2007 Turkey/Germany/Italy



When his father (Tuncel Kurtiz) accidentally kills a prostitute (Nursel Koese), Nejat (Baki Davrak) seeks out the woman's 27-year-old daughter, Ayten (Nurgul Yesilcay), to make amends. Nejat focuses his search in Turkey, but Ayten, part of a closely scrutinized activist group, has already fled to Germany. Lives intersect in unexpected ways in writer-director Fatih Akin's multilayered drama.
9/10



A perfectly knitted sociopolitical commentary on 3 families intersecting lives. In vein of Alejandro González Iñárritu's style of connecting people together in interesting ways through dramatic story telling, Akin definitely has cast searing talent who really bring realistic human interaction to a film.
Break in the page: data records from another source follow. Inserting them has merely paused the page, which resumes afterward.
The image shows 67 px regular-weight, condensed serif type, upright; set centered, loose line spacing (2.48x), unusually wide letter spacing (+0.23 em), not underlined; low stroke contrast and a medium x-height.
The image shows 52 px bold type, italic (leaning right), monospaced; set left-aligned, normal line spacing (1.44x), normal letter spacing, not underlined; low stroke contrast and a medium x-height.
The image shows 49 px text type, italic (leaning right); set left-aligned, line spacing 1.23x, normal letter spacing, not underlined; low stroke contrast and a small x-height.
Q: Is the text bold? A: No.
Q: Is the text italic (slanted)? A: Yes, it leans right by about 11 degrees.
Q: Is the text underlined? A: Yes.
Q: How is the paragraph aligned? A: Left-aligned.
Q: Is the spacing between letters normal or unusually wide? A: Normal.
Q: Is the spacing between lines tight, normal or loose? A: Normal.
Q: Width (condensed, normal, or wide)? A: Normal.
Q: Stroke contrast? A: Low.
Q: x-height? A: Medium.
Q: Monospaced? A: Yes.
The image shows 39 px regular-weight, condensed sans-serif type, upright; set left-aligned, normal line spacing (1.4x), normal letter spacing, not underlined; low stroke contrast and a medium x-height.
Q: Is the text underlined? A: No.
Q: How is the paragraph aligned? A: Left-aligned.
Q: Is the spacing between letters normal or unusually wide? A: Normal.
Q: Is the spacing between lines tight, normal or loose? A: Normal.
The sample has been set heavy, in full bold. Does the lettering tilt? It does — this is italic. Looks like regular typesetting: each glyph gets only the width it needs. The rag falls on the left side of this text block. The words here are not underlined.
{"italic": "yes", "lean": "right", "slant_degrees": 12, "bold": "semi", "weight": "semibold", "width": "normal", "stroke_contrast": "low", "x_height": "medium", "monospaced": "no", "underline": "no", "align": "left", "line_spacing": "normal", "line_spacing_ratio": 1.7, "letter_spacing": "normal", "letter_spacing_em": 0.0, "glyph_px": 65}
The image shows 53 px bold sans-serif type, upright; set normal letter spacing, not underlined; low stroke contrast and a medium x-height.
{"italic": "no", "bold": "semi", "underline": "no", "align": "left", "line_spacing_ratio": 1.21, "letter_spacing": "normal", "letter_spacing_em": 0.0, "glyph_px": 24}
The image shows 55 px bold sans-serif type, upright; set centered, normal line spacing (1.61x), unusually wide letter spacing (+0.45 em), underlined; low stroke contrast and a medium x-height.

How the camera dances and the direction of each scene is set up aesthetically pleasing to the eye, from The Black Sea and it's beaches to Istanbul and/or Hamburg's charming cultural backdrops. The film is told in three portions, the first two parts are the deaths of two characters explaining how the 3rd part begins and comes to be. Just over two hours, the movie's pace is reset as each story ends and the next chapter begins. That technique really keeps a movie interesting where it's strength is dialog acted right. Tragedy turns to enlightenment as each separate character comes together teaching one another some very subtle yet vital lesson about one another and their lives.